Oleh : Ummu Hanif, Pemerhati Sosial Dan Keluarga
Polemik seputar pemetaan masjid masih terus berlanjut. Sebagiamna diketahui, Direktur Keamanan Negara Badan Intelejen dan Keamanan Polri Brigjen Umar Effendi mengatakan Polri berencana melakukan pemetaaan masjid sebagai upaya pencegahan penyebaran paham radikal. Rencana ini, kata dia, merujuk pada masih banyaknya masjid yang berindikasi sebagai pusat penyebaran paham radikal.
"Kemarin kita juga sepakat dalam diskusi pemetaan masjid, pak mohon maaf, di masjid ini juga sekarang warnanya juga macam-macam ada yang hijau, ada yang keras, ada yang semikeras dan sebagainya. Nah, ini juga menjadi perhatian khusus kita semua," kata Umar dalam kegiatan Halaqah Kebangsaan MUI, Kamis (27/1/2022).
Sementara itu, Sekretaris Jenderal (Sekjen) Dewan Masjid Indonesia (DMI) Imam Addaruquthni menanggapi pemetaan masjid dalam upaya pencegahan radikalisme dan terorisme di Indonesia. Menurutnya, di beberapa negara tidak ada pemetaan tersebut. Sehingga menurutnya ada logika yang perlu diluruskan.
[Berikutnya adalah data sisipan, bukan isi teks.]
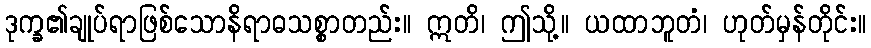
ဒုက္ခ၏ချုပ်ရာဖြစ်သောနိရာဓသစ္စာတည်း။ ဣတိ၊ ဤသို့။ ယထာဘူတံ၊ ဟုတ်မှန်တိုင်း။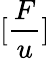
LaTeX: [\frac{F}{u}]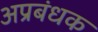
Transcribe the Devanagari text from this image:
अप्रबंधक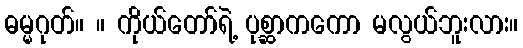
ဓမ္မဂုတ်။ ။ ကိုယ်တော်ရဲ့ ပုစ္ဆာကကော မလွယ်ဘူးလား။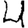
Digit: 4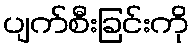
ပျက်စီးခြင်းကို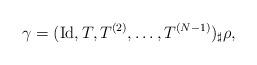
LaTeX: \begin{align*}\gamma = (\operatorname{Id},T,T^{(2)},\dots,T^{(N-1)})_{\sharp}\rho,\end{align*}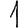
Digit: 1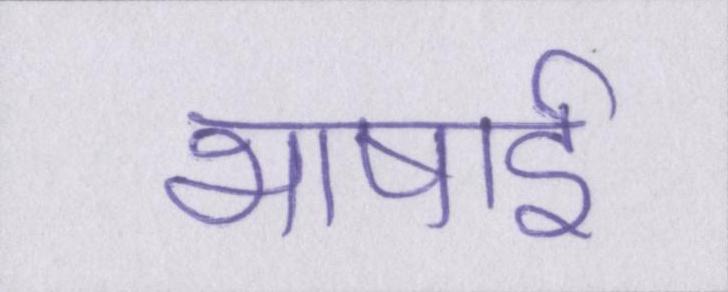
भाषाई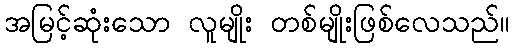
အမြင့်ဆုံးသော လူမျိုး တစ်မျိုးဖြစ်လေသည်။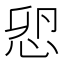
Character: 𢘴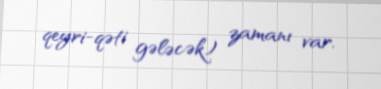
qeyri-qəti gələcək) zamanı var.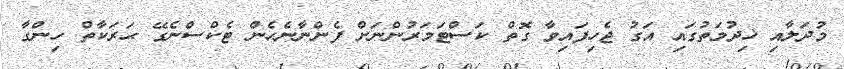
މުދަލާއި ޚިދުމަތުގައި އަގު ޖެހިފައިވާ ގޮތް ކަސްޓަމަރުންނަށް ފެންނާނެހެން ޓެކްސްނެގޭ ޙަރަކާތް ހިންގާ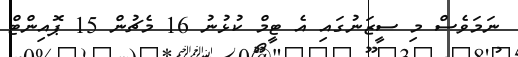
ނަމަވެސް މި ސީޒަނުގައި އެ ޓީމް ކުޅުނު 16 މެޗުން 15 ޕޮއިންޓް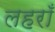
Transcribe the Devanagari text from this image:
लहराँ

Ia juga melanjutkan, bahwa di Indonesia belum ada radikalisme di masjid-masjid dan terjadi terorisme misalnya pengeboman seperti yang terjadi di Iran pada era pasca-revolusi Islam Iran. Tetapi, memang ada sejumlah aksi kekerasan di masjid yang menimpa sejumlah kiai atau ustadz meski pada akhirnya oleh aparat dinyatakan dilakukan oleh orang-orang tidak waras. (www.republika.com, 3/2/2022)
Selian sekjen DMI, masih banyak tokoh yang juga mengkritisi adanya upaya pemetaan masjid. Diantaranya adalah Pengamat Politik Islam Dr. Riyan, M.Ag. mengkritisi rencana Kepolisian Republik Indonesia (Polri) memetakan masjid dan pesantren terkait radikalisme. Menurutnya, hal itu menunjukkan ada framing jahat dan islamofobia akut.
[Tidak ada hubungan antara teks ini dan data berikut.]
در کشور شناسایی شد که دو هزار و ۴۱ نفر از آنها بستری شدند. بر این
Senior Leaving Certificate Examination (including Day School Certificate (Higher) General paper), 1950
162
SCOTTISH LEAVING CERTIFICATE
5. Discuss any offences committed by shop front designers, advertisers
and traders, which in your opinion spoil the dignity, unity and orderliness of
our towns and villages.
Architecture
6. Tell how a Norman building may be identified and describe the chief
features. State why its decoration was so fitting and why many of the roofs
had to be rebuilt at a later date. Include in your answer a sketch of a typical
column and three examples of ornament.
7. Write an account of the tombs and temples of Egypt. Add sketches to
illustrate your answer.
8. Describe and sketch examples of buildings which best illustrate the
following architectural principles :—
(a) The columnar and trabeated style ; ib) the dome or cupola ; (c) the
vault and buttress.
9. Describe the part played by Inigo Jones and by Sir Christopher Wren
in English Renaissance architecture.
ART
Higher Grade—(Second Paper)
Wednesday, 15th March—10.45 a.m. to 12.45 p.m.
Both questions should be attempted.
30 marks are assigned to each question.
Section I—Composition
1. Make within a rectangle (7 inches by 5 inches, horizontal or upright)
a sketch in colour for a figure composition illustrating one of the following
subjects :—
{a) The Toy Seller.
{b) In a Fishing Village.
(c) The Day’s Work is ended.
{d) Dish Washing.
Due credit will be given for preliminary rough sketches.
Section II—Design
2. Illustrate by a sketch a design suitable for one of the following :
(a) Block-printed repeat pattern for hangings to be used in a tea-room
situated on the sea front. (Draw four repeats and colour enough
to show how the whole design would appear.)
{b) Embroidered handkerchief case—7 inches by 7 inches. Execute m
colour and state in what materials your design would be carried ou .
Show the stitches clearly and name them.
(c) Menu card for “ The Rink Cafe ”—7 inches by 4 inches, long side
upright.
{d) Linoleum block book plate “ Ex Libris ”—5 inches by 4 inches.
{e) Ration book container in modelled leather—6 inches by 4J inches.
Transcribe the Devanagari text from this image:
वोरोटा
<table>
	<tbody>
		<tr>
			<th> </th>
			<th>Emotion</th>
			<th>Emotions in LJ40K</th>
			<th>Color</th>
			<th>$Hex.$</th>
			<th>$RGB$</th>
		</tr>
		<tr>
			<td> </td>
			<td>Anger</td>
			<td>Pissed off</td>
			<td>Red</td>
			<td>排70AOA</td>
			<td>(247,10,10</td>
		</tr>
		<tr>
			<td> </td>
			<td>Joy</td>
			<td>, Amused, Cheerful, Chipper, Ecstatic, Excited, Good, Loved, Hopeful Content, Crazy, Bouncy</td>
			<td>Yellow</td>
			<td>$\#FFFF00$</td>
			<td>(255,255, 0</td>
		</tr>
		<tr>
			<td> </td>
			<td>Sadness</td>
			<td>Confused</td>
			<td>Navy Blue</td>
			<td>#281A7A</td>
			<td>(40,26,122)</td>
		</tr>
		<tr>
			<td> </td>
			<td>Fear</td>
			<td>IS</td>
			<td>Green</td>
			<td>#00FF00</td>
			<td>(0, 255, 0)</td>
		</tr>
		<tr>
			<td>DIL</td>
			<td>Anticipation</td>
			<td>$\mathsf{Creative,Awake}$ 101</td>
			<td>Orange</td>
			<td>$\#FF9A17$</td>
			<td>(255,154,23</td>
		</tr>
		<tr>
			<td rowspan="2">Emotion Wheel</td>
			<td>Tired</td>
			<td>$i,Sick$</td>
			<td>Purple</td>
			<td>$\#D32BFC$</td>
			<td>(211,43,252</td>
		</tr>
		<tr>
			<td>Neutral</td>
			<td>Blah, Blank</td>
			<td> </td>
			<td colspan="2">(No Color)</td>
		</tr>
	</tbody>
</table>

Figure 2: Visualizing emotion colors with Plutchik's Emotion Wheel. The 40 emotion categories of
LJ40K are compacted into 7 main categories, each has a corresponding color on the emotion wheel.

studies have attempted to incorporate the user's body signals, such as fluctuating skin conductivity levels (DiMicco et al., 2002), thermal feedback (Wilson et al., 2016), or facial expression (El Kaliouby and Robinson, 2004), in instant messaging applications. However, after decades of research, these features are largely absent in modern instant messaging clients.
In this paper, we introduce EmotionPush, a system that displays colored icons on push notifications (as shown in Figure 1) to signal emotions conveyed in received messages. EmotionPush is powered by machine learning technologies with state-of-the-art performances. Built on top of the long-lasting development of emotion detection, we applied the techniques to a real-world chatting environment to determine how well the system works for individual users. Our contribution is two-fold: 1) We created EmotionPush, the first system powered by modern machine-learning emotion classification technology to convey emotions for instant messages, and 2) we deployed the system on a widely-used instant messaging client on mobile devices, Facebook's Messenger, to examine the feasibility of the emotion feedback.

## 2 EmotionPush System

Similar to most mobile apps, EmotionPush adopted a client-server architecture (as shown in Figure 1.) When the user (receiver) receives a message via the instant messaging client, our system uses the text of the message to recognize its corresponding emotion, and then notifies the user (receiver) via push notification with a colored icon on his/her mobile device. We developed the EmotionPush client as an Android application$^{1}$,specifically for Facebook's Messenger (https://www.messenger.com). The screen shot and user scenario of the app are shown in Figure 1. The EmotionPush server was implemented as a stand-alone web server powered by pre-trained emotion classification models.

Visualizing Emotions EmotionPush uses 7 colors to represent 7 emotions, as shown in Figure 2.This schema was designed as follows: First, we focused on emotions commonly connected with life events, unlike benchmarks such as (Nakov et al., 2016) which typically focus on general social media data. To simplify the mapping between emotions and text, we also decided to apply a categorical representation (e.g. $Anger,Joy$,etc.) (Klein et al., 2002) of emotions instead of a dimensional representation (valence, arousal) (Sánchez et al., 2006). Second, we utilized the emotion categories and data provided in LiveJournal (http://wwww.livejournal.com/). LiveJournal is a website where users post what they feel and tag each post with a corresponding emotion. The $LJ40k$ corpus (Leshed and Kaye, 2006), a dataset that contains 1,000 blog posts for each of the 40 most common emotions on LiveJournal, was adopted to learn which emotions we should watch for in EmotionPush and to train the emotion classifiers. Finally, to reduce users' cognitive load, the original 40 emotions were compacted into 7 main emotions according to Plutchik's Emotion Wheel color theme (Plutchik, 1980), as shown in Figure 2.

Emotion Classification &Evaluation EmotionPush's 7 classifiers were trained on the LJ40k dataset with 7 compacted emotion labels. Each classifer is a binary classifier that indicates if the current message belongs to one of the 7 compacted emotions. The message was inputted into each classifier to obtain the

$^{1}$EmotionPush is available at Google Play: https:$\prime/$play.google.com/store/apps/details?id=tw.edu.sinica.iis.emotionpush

“Ini menunjukkan ada dua hal, yaitu framing jahat dan islamofobia akut, yaitu ketakutan terhadap Islam tanpa ada alasan yang jelas,” ungkapnya pada Forum Kajian Siyasi “Ada Apa di Balik Gaduh Pemetaan Masjid dan Pesantren?” di YouTube Ngaji Shubuh, Senin (31/01/2022).
Ia pun mengaitkan framing jahat dan islamofobia ini dengan kasus-kasus sebelumnya, yaitu ramainya tagar #bubarkanMUI dan banyak pengamat yang mengatakan hal ini tidak beralasan secara hukum.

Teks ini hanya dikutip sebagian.